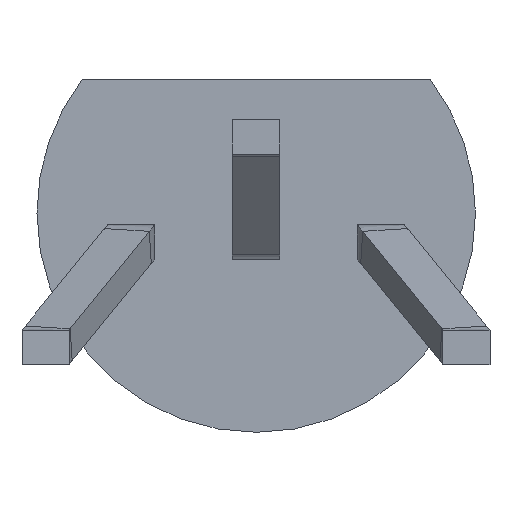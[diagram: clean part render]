
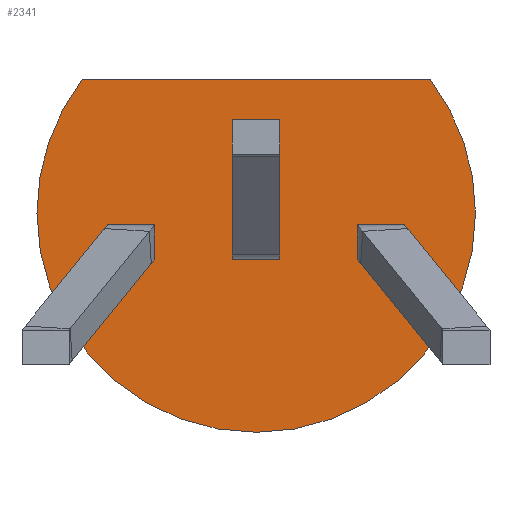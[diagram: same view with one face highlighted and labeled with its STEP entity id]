
A CAD part, front view. The second image highlights one B-rep face of the part: STEP entity #2341.
In plain terms, the highlighted planar face has unit normal (0, -1, 0).
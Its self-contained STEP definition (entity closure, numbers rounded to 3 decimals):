
#92 = CIRCLE ( 'NONE', #436, 2.605 ) ;
#180 = CARTESIAN_POINT ( 'NONE',  ( 0.458, 0.422, 3.604 ) ) ;
#194 = FACE_OUTER_BOUND ( 'NONE', #518, .T. ) ;
#195 = CARTESIAN_POINT ( 'NONE',  ( 3.063, 0.422, 3.604 ) ) ;
#242 = AXIS2_PLACEMENT_3D ( 'NONE', #615, #2205, #826 ) ;
#388 = ORIENTED_EDGE ( 'NONE', *, *, #2882, .F. ) ;
#436 = AXIS2_PLACEMENT_3D ( 'NONE', #1038, #2648, #1273 ) ;
#442 = DIRECTION ( 'NONE',  ( 1., 0., 0. ) ) ;
#518 = EDGE_LOOP ( 'NONE', ( #550, #733, #388, #921 ) ) ;
#550 = ORIENTED_EDGE ( 'NONE', *, *, #1970, .F. ) ;
#615 = CARTESIAN_POINT ( 'NONE',  ( 3.063, 0.422, 3.604 ) ) ;
#733 = ORIENTED_EDGE ( 'NONE', *, *, #2326, .F. ) ;
#769 = EDGE_CURVE ( 'NONE', #1957, #2515, #2655, .T. ) ;
#826 = DIRECTION ( 'NONE',  ( 1., 0., 0. ) ) ;
#838 = CARTESIAN_POINT ( 'NONE',  ( 3.063, 0.422, 3.604 ) ) ;
#921 = ORIENTED_EDGE ( 'NONE', *, *, #769, .F. ) ;
#962 = CARTESIAN_POINT ( 'NONE',  ( 5.131, 0.422, 5.189 ) ) ;
#1010 = PLANE ( 'NONE',  #242 ) ;
#1038 = CARTESIAN_POINT ( 'NONE',  ( 3.063, 0.422, 3.604 ) ) ;
#1065 = DIRECTION ( 'NONE',  ( 1., 0., 0. ) ) ;
#1273 = DIRECTION ( 'NONE',  ( 1., 0., 0. ) ) ;
#1286 = CARTESIAN_POINT ( 'NONE',  ( 5.668, 0.422, 3.604 ) ) ;
#1329 = AXIS2_PLACEMENT_3D ( 'NONE', #838, #2446, #1065 ) ;
#1339 = VECTOR ( 'NONE', #1459, 1000. ) ;
#1449 = CARTESIAN_POINT ( 'NONE',  ( 0.996, 0.422, 5.189 ) ) ;
#1459 = DIRECTION ( 'NONE',  ( 1., 0., 0. ) ) ;
#1666 = VERTEX_POINT ( 'NONE', #1876 ) ;
#1807 = DIRECTION ( 'NONE',  ( 0., 1., 0. ) ) ;
#1876 = CARTESIAN_POINT ( 'NONE',  ( 0.996, 0.422, 5.189 ) ) ;
#1901 = CIRCLE ( 'NONE', #1329, 2.605 ) ;
#1957 = VERTEX_POINT ( 'NONE', #1286 ) ;
#1964 = LINE ( 'NONE', #1449, #1339 ) ;
#1970 = EDGE_CURVE ( 'NONE', #2701, #1957, #1901, .T. ) ;
#2205 = DIRECTION ( 'NONE',  ( 0., 1., 0. ) ) ;
#2326 = EDGE_CURVE ( 'NONE', #1666, #2701, #1964, .T. ) ;
#2341 = ADVANCED_FACE ( 'NONE', ( #194 ), #1010, .F. ) ;
#2446 = DIRECTION ( 'NONE',  ( 0., 1., 0. ) ) ;
#2515 = VERTEX_POINT ( 'NONE', #180 ) ;
#2648 = DIRECTION ( 'NONE',  ( 0., 1., 0. ) ) ;
#2655 = CIRCLE ( 'NONE', #2893, 2.605 ) ;
#2701 = VERTEX_POINT ( 'NONE', #962 ) ;
#2882 = EDGE_CURVE ( 'NONE', #2515, #1666, #92, .T. ) ;
#2893 = AXIS2_PLACEMENT_3D ( 'NONE', #195, #1807, #442 ) ;

· · ·

### [Prompt]
Exactly repeat the material from its first line through the line with "#2446 = DIRECTION", including both, and leave the pictures and everything else out.

### [Solution for this task]
[diagram: clean part render]
[diagram: same view with one face highlighted and labeled with its STEP entity id]
A CAD part, front view. The second image highlights one B-rep face of the part: STEP entity #2341.
In plain terms, the highlighted planar face has unit normal (0, -1, 0).
Its self-contained STEP definition (entity closure, numbers rounded to 3 decimals):
#92 = CIRCLE ( 'NONE', #436, 2.605 ) ;
#180 = CARTESIAN_POINT ( 'NONE',  ( 0.458, 0.422, 3.604 ) ) ;
#194 = FACE_OUTER_BOUND ( 'NONE', #518, .T. ) ;
#195 = CARTESIAN_POINT ( 'NONE',  ( 3.063, 0.422, 3.604 ) ) ;
#242 = AXIS2_PLACEMENT_3D ( 'NONE', #615, #2205, #826 ) ;
#388 = ORIENTED_EDGE ( 'NONE', *, *, #2882, .F. ) ;
#436 = AXIS2_PLACEMENT_3D ( 'NONE', #1038, #2648, #1273 ) ;
#442 = DIRECTION ( 'NONE',  ( 1., 0., 0. ) ) ;
#518 = EDGE_LOOP ( 'NONE', ( #550, #733, #388, #921 ) ) ;
#550 = ORIENTED_EDGE ( 'NONE', *, *, #1970, .F. ) ;
#615 = CARTESIAN_POINT ( 'NONE',  ( 3.063, 0.422, 3.604 ) ) ;
#733 = ORIENTED_EDGE ( 'NONE', *, *, #2326, .F. ) ;
#769 = EDGE_CURVE ( 'NONE', #1957, #2515, #2655, .T. ) ;
#826 = DIRECTION ( 'NONE',  ( 1., 0., 0. ) ) ;
#838 = CARTESIAN_POINT ( 'NONE',  ( 3.063, 0.422, 3.604 ) ) ;
#921 = ORIENTED_EDGE ( 'NONE', *, *, #769, .F. ) ;
#962 = CARTESIAN_POINT ( 'NONE',  ( 5.131, 0.422, 5.189 ) ) ;
#1010 = PLANE ( 'NONE',  #242 ) ;
#1038 = CARTESIAN_POINT ( 'NONE',  ( 3.063, 0.422, 3.604 ) ) ;
#1065 = DIRECTION ( 'NONE',  ( 1., 0., 0. ) ) ;
#1273 = DIRECTION ( 'NONE',  ( 1., 0., 0. ) ) ;
#1286 = CARTESIAN_POINT ( 'NONE',  ( 5.668, 0.422, 3.604 ) ) ;
#1329 = AXIS2_PLACEMENT_3D ( 'NONE', #838, #2446, #1065 ) ;
#1339 = VECTOR ( 'NONE', #1459, 1000. ) ;
#1449 = CARTESIAN_POINT ( 'NONE',  ( 0.996, 0.422, 5.189 ) ) ;
#1459 = DIRECTION ( 'NONE',  ( 1., 0., 0. ) ) ;
#1666 = VERTEX_POINT ( 'NONE', #1876 ) ;
#1807 = DIRECTION ( 'NONE',  ( 0., 1., 0. ) ) ;
#1876 = CARTESIAN_POINT ( 'NONE',  ( 0.996, 0.422, 5.189 ) ) ;
#1901 = CIRCLE ( 'NONE', #1329, 2.605 ) ;
#1957 = VERTEX_POINT ( 'NONE', #1286 ) ;
#1964 = LINE ( 'NONE', #1449, #1339 ) ;
#1970 = EDGE_CURVE ( 'NONE', #2701, #1957, #1901, .T. ) ;
#2205 = DIRECTION ( 'NONE',  ( 0., 1., 0. ) ) ;
#2326 = EDGE_CURVE ( 'NONE', #1666, #2701, #1964, .T. ) ;
#2341 = ADVANCED_FACE ( 'NONE', ( #194 ), #1010, .F. ) ;
#2446 = DIRECTION ( 'NONE',  ( 0., 1., 0. ) ) ;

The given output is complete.